Für isolierte Systeme ohne Internetzugang mag das akzeptabel sein. Für jeden anderen gleicht es einem Spiel mit dem Feuer. Die Erfahrung zeigt: Sobald ein Betriebssystem keinen Support mehr erhält, explodiert die Anzahl erfolgreicher Angriffe. Windows XP und Windows 7 lassen grüßen.
Die Umweltkatastrophe, über die niemand spricht
Experten schätzen, dass weltweit etwa 240 Millionen PCs die Hardware-Anforderungen von Windows 11 nicht erfüllen. Diese Geräte sind nicht defekt – sie funktionieren einwandfrei. Trotzdem droht ihnen das Schicksal der vorzeitigen Entsorgung.
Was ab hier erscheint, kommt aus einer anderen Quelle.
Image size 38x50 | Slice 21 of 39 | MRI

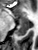 Posterior hippocampus = 16 25 28 36.
Anterior hippocampus = 19 17 28 24.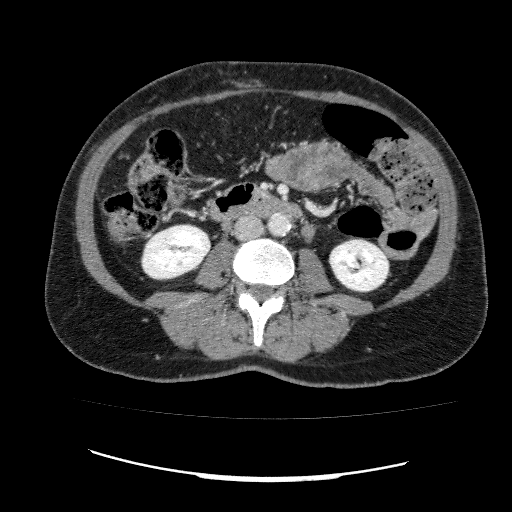

CT scan slice; Abdomen
Segmented structures:
- kidney: l=143, t=226, r=209, b=278; l=330, t=240, r=387, b=290
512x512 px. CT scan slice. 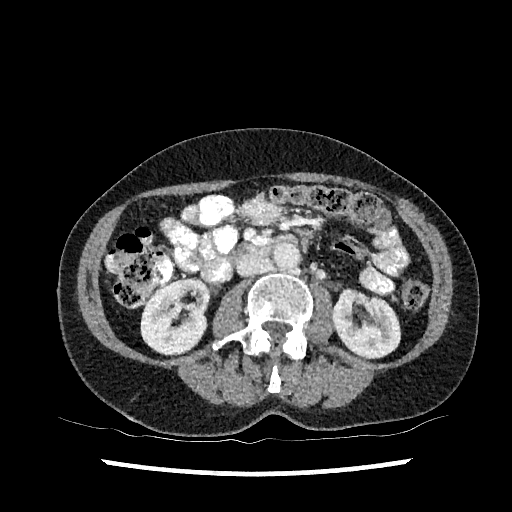

2 kidney regions are located at 333 290 399 357, 141 279 208 354.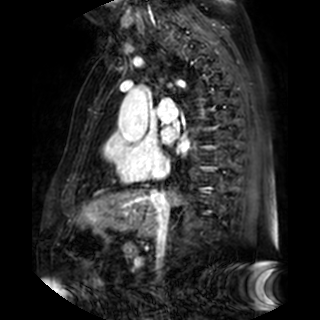 MRI; Image size 320x320
{"left_atrium": ["162:127:175:142", "176:141:189:152"]}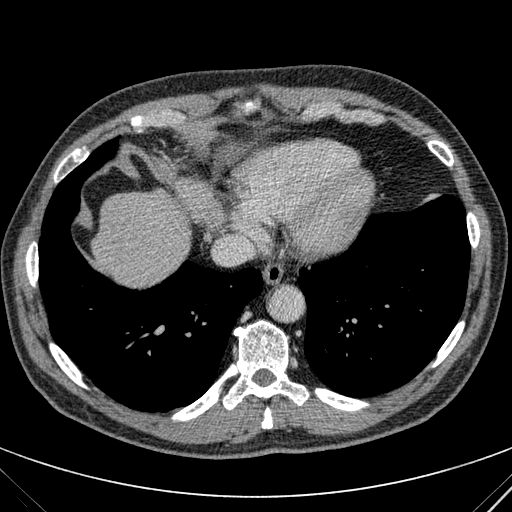

CT slice | Liver
Liver = bbox(93, 178, 223, 286).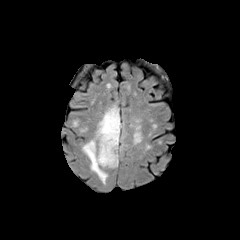
FLAIR magnetic resonance.
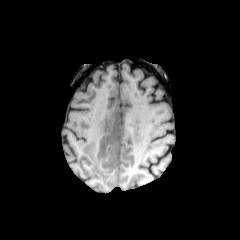
T1-weighted magnetic resonance.
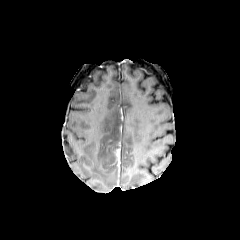
Post-contrast T1-weighted MR image.
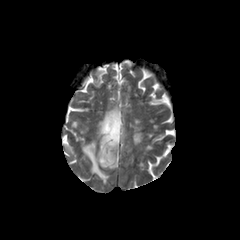
T2-weighted MRI.
Findings:
• edema: 82 105 124 183
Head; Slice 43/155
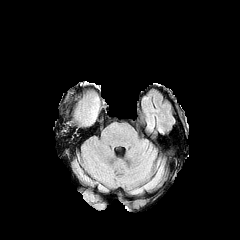
FLAIR MRI.
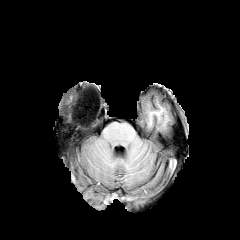
T1-weighted MR of the same slice.
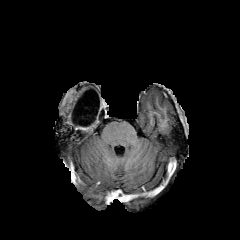
Same slice, post-contrast T1-weighted MR.
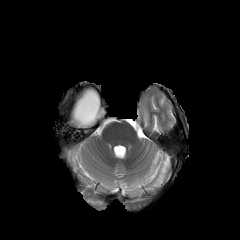
T2-weighted magnetic resonance of the same slice.
Non-enhancing tumor core = <bbox>78, 95, 98, 123</bbox>.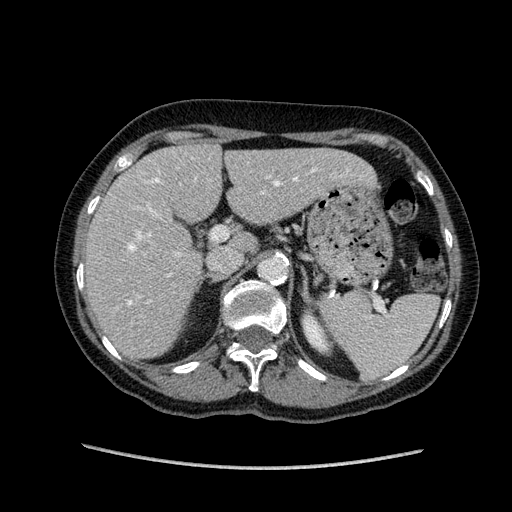
Upper abdomen. CT.

Liver = l=86, t=145, r=370, b=355.
Kidney = l=304, t=317, r=325, b=348.
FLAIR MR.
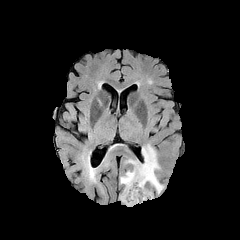
T1-weighted MR image.
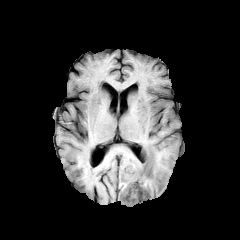
Post-contrast T1-weighted magnetic resonance.
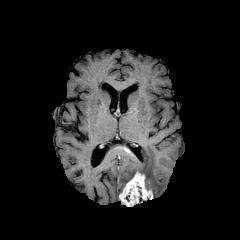
T2-weighted MR.
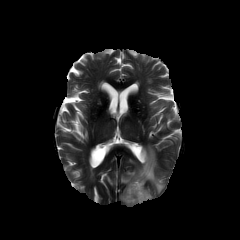
Brain
The enhancing tumor is at (119,172,152,206). The edema is at (120,144,164,194).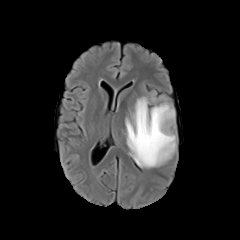
FLAIR MRI.
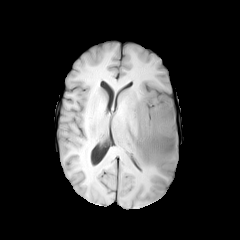
T1-weighted MR image of the same slice.
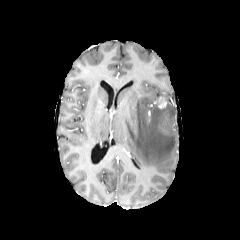
Post-contrast T1-weighted MR image of the same slice.
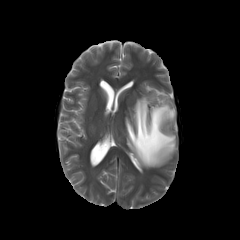
Same slice, T2-weighted MR image.
Segmented structures:
- non-enhancing tumor core: (left=155, top=96, right=170, bottom=109)
- edema: (left=122, top=89, right=178, bottom=169)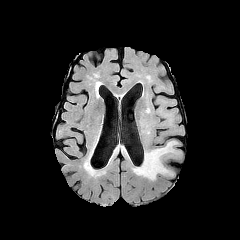
FLAIR MR image.
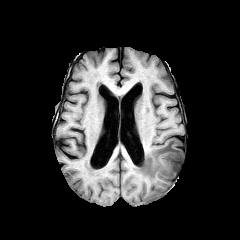
T1-weighted MRI.
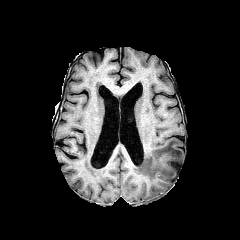
Same slice, post-contrast T1-weighted MRI.
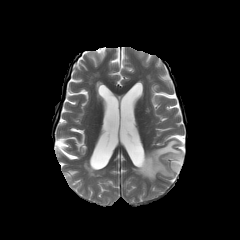
T2-weighted MR of the same slice.
Brain; Image size 240x240
{
  "edema": [
    "[131, 140, 181, 180]"
  ]
}

Die Elektronikindustrie jubelt über potenzielle Neuverkäufe, doch für die Umwelt ist das ein Desaster. Jeder neue Computer verursacht bei der Herstellung zwischen 300 und 800 Kilogramm CO2. Die seltenen Erden, das Lithium für Akkus, die Energie für die Produktion – all das für Geräte, die eigentlich noch Jahre funktionieren könnten.
Microsoft hat bisher keine überzeugende Strategie präsentiert, wie diese Altgeräte sinnvoll recycelt werden sollen. Zwar existieren in der EU Recyclingsysteme für Elektronik, doch die Realität ist ernüchternd: Nur etwa 20% der Komponenten werden tatsächlich wiederverwertet. Der Rest landet auf Deponien in Ghana, China oder Indien, wo Menschen unter gesundheitsschädlichen Bedingungen die letzten verwertbaren Metalle extrahieren.
Fazit: Ein systemisches Problem
Das Support-Ende von Windows 10 offenbart ein grundsätzliches Problem unserer digitalisierten Gesellschaft: Die künstliche Verknappung der Lebensdauer funktionierender Technologie. Microsoft hätte Windows 11 auch mit weniger restriktiven Anforderungen entwickeln können. Die Entscheidung für strikte Hardware-Limits war eine bewusste Wahl – legitimiert durch Sicherheitsargumente, motiviert durch Geschäftsinteressen.
Für Nutzer bedeutet das: Jetzt handeln. Testen Sie Ihr System mit dem PC Health Check Tool. Erwägen Sie Linux als echte Alternative. Und falls Sie neue Hardware kaufen müssen, investieren Sie in zukunftssichere Systeme mit überdimensionierten Spezifikationen.
Die IT-Branche muss sich unbequemen Fragen stellen: Ist geplante Obsoleszenz in Zeiten der Klimakrise noch vertretbar? Wie können wir digitale Teilhabe gewährleisten, wenn Betriebssysteme zur Kostenfalle werden? Das Ende von Windows 10 ist mehr als ein technisches Ereignis – es ist ein Weckruf für nachhaltigere Technologiekonzepte.